EXERCISE INSTRUCTIONS:
Using the records below, quote only the span that opens with the line containing "Lower sign: EinspurigeFahrzeugeFrei4" and closes with the line containing "Light: Natural", exactly and inclusively.

------ INFORMATION SHOWN

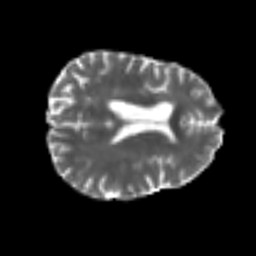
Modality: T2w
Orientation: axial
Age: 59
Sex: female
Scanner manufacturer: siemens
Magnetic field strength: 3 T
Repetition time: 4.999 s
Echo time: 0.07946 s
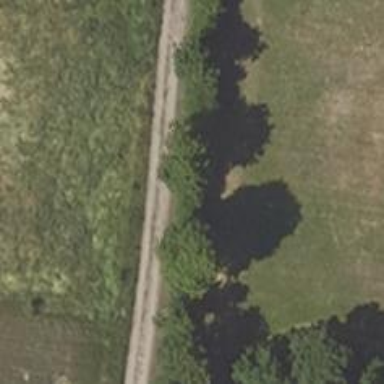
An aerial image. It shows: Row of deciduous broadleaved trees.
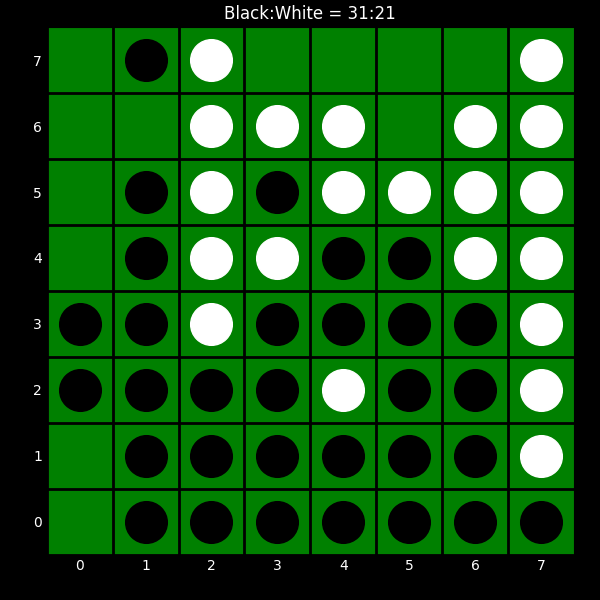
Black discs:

------------
------ INFORMATION SHOWN

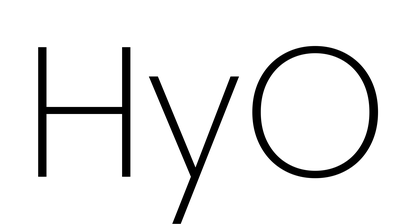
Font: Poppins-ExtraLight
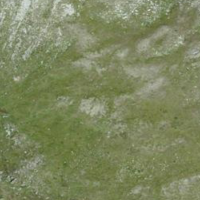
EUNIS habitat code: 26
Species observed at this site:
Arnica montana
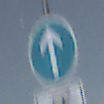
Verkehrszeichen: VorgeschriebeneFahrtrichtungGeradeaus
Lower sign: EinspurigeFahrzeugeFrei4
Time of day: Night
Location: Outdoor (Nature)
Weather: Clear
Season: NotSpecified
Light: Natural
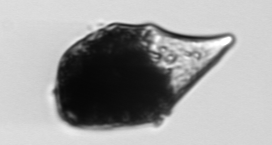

------------

WRITTEN REPLY:
Lower sign: EinspurigeFahrzeugeFrei4
Time of day: Night
Location: Outdoor (Nature)
Weather: Clear
Season: NotSpecified
Light: Natural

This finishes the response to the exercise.